Results round-up
First-quarter results from Lloyds Banking Group revealed a 6% fall in underlying profit to £2.05bn due to the sale of TSB, but this was largely better than forecast as a reduction in impairment charges, PPI provisions and lower costs counterbalanced a small decline in income.
A statutory profit before tax of £0.65bn for the three months to 31 March, down 46% on the same period last year, reflected the expected £0.79bn charge relating to the redemption of enhanced capital notes (ECNs).
Total income fell 1% to £4.38bn after a 3% increase in net interest income was blotted by a 7% decline in other income stemming from lower insurance income and continued pressure on fees and commissions that Lloyds said was a resilient performance in current market conditions. Management have guided to a similar run rate for the rest of the year, which is slightly weaker than analyst forecasts.
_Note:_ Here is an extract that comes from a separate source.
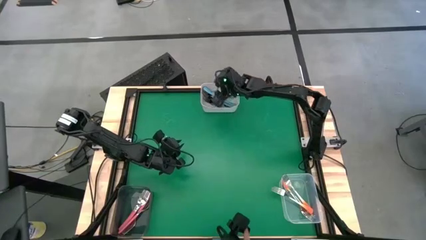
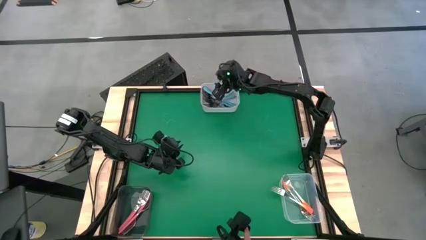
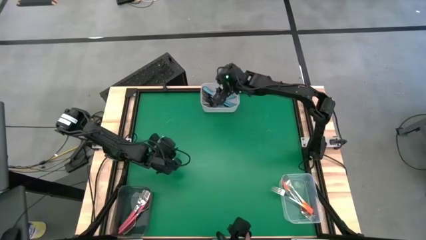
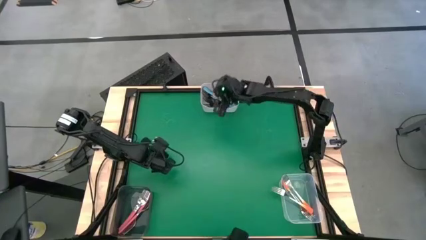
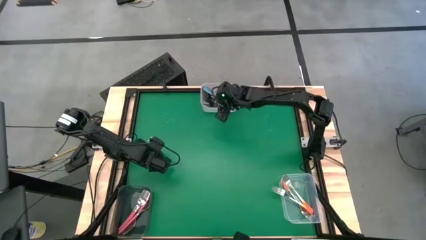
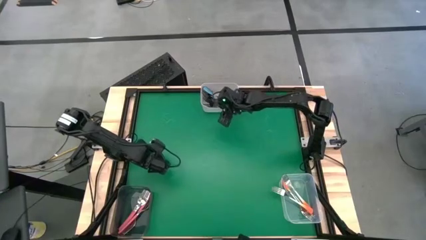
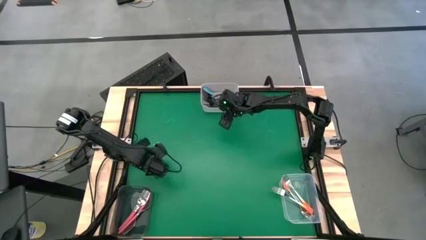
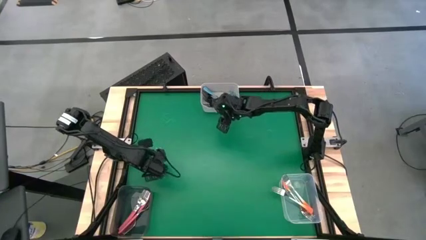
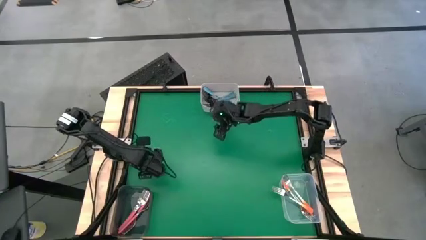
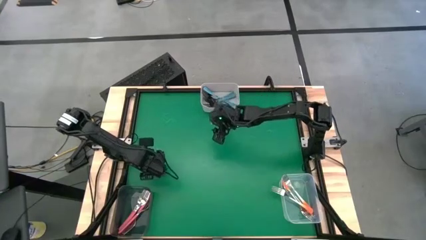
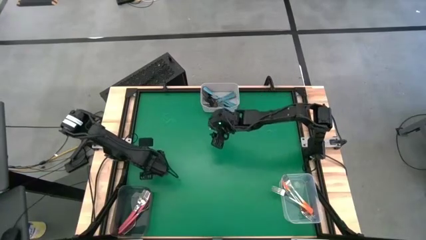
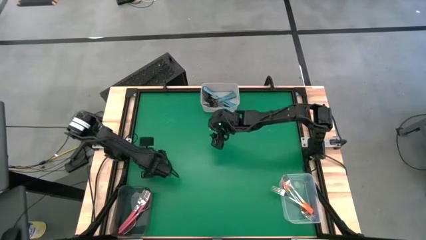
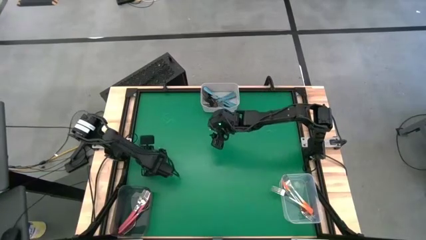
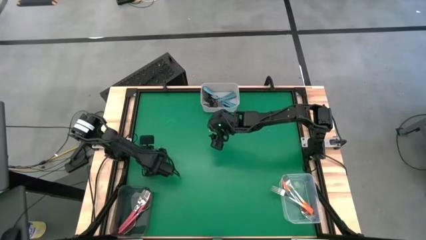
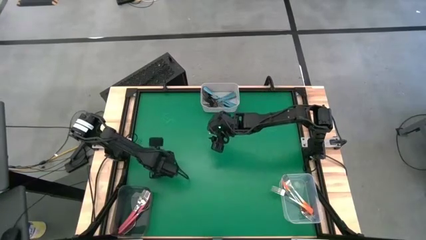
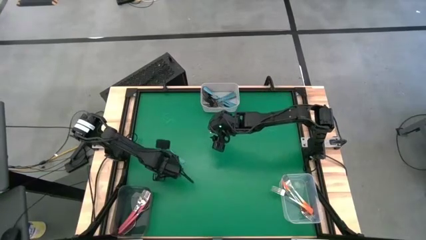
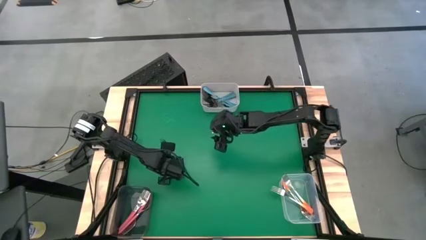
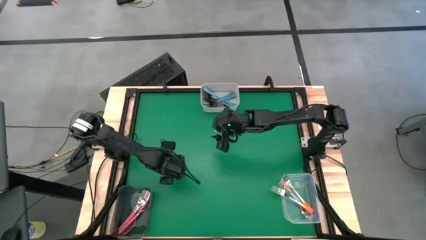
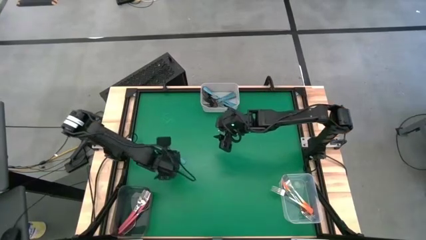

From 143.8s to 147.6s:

Lloyds left its full year guidance for 2.70% net interest margin unchanged after a further improvement in net interest margin to 2.74% in the period, which led to the increase in net interest income.
The improved margin more than offset the impact of a 2% reduction in average interest-earning banking assets, which was largely due to lower run-off assets.
The FTSE 100 bank said the improvement in net interest margin was due to improved deposit pricing and mix, lower wholesale funding costs and a benefit, as expected, from the recent ECN redemptions.
Lloyds maintained its strong balance sheet, with a CET1 ratio of 13.0% after a 0.4% impact of the ECNs redemption, while for the full year management still expect to generate around 2% of CET1 capital per year.
Advertising and public relations group WPP reported billings of £11.922bn in its first quarter on Thursday - an increase of 8.3%, or 6.7% at constant currencies.
The FTSE 100 firm said revenue in the four currencies it reports in went up 10.5% to £3.076bn, 4.6% to $4.402bn, 6.3% to €3.989bn, and 0.9% JPY 506.611bn.
Constant currency revenue grew 9.0%, while like-for-like revenue was ahead by 5.1%. Constant currency net sales - WPP’s preferred measure - was up 6.7%, while like-for-like net sales grew 3.2%.
“First quarter revenue, net sales and profit [was] well above budget and ahead of last year,” WPP’s board said in a statement.
Its constant currency net debt also grew, and was £701m higher on 31 March this year than it was on the same date in 2015. Average net debt in the first quarter was up by £767m over the same period a year earlier.
WPP put the large growth in net debt to strong acquisition activities, as well as its share buy-backs of £62m during the period, representing 3.9 million shares or 0.3% of issued share capital.